Mobile continuous delivery with bitrise
Continuous integration and continuous delivery is something I wanted to do a while ago, specially since Apple accelerated its approval process to publish new apps on its mobile store. It can now takes less than a day to have an update available for your mobile users: continuous integration and continuous delivery makes more sense than ever on mobile apps.
The idea is simple, as a mobile developer you want to deliver the best app to your users the fastest way possible preventing as many bugs as possible. Continuous integration and continuous delivery help you to do so. It’s very common for web platforms but it was a bit more harder to put this principle on mobile, now we’re almost even.
Bitrise is one CLI I’ve experienced and its platform makes it really easy to integrate in any mobile projects. It allows you to define a workflow that can be automatically executed depending on triggers you can customize. After couple clicks you can automatically clone and build your project, but also run unit test and UI test for every commits pushed.
What I really like about this tool is third part integration. Your workflow can archive your app and push it on iTunes Connect and even notify you by sending a message on Slack. You can also get access to HockeyApp, Fabric or JIRA. Others are more for fun like integration LiFX or sending an text via Twilio.

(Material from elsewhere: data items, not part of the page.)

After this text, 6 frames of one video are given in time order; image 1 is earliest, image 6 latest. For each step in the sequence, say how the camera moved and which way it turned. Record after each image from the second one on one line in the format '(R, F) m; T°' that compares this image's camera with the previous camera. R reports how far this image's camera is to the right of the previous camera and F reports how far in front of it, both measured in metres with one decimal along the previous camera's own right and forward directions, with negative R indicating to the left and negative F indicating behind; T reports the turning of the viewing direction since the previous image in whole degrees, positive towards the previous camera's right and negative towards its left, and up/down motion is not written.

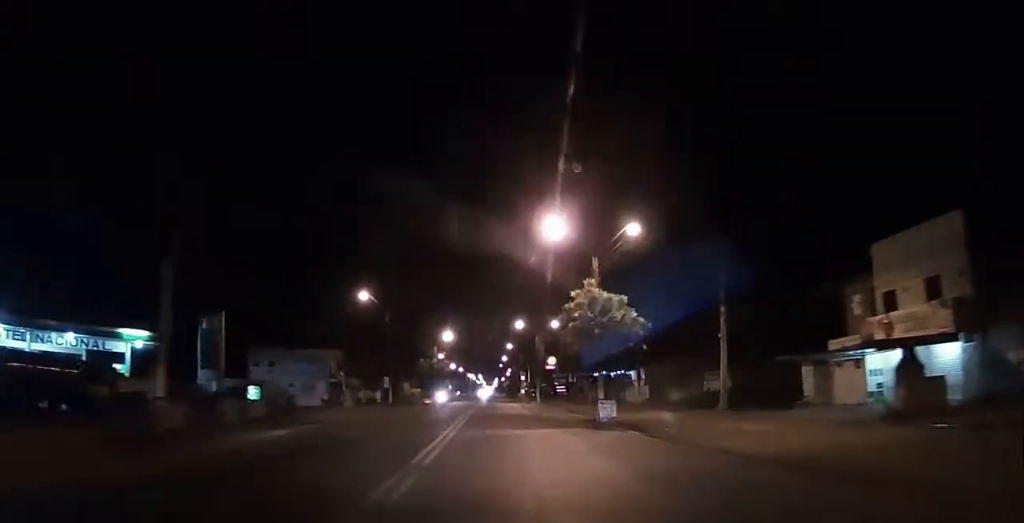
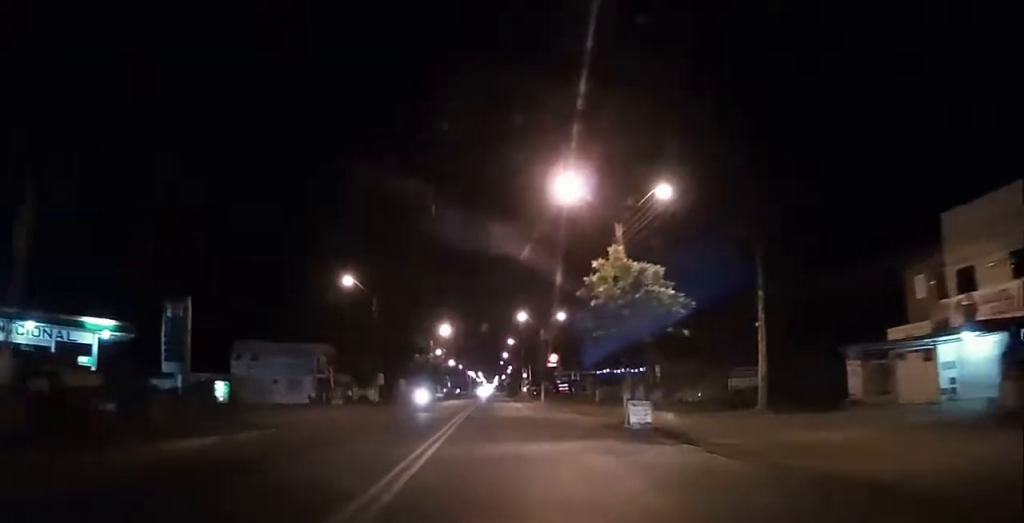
(0.0, +5.9) m; 0°
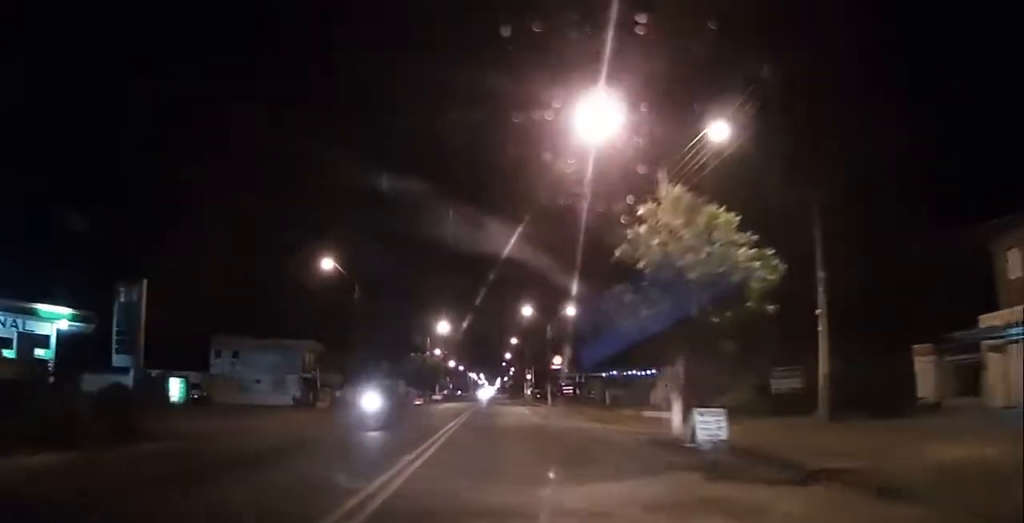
(-0.1, +6.7) m; +1°
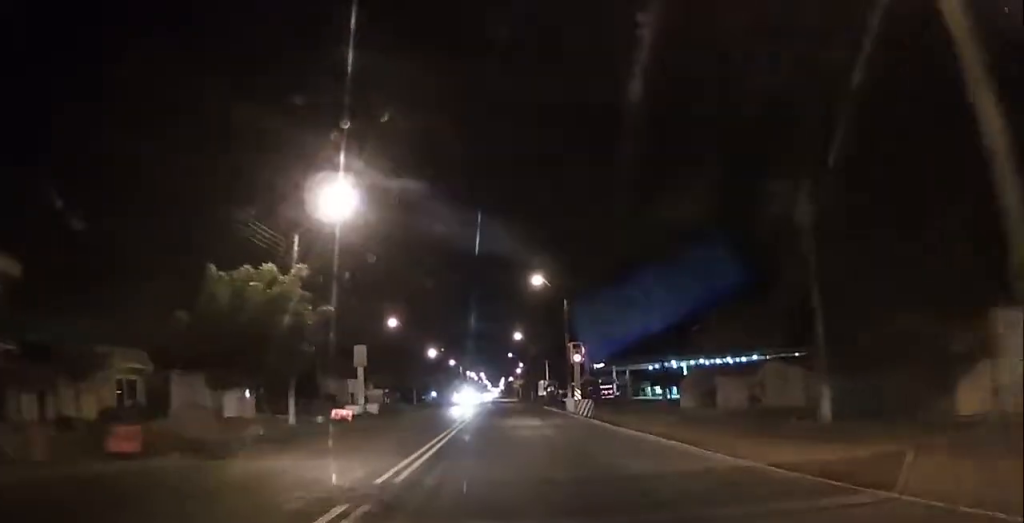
(+0.2, +54.7) m; -1°
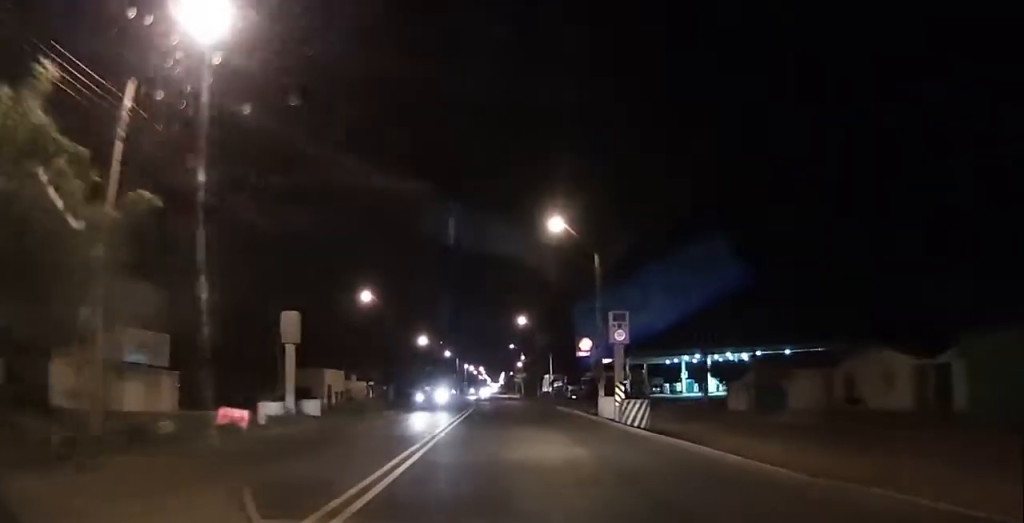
(+0.1, +14.1) m; +1°
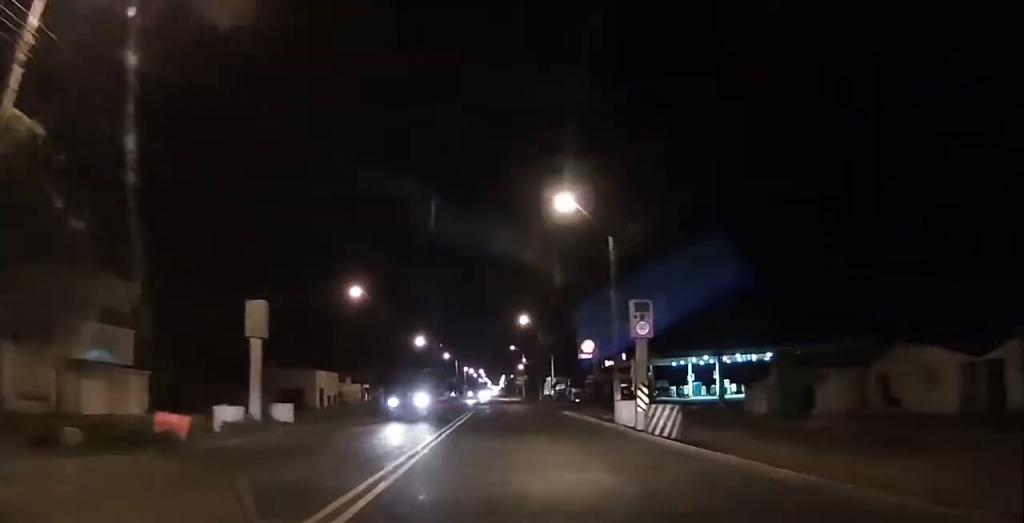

Bitrise is compatible with iOS and Android but you can actually use many way to create your project, like Xamarin, React Native or Cordova.
Other good things is that bitrise is open source and you can integrate it and use a yaml file in your own mobile continuous integration environment.
About pricing, you can have access to a free plan for 10 mins / build with 200 builds / month to use their cloud. This was good enough for me after improving build process to reduce build time, like adding CocoaPods resources directly into the repository and keeping an eye, refactoring code and removing unnecessary files or build scripts.
On my side, I mainly use it for two goals, one is for unit testing and ui testing on a daily basic, to be sure I don’t break anything. The other one is continuous delivery for beta testers, pushing every update automatically on TestFlight. It’s time saved everyday that helps me to stay focus on the quality of user experience and on my code.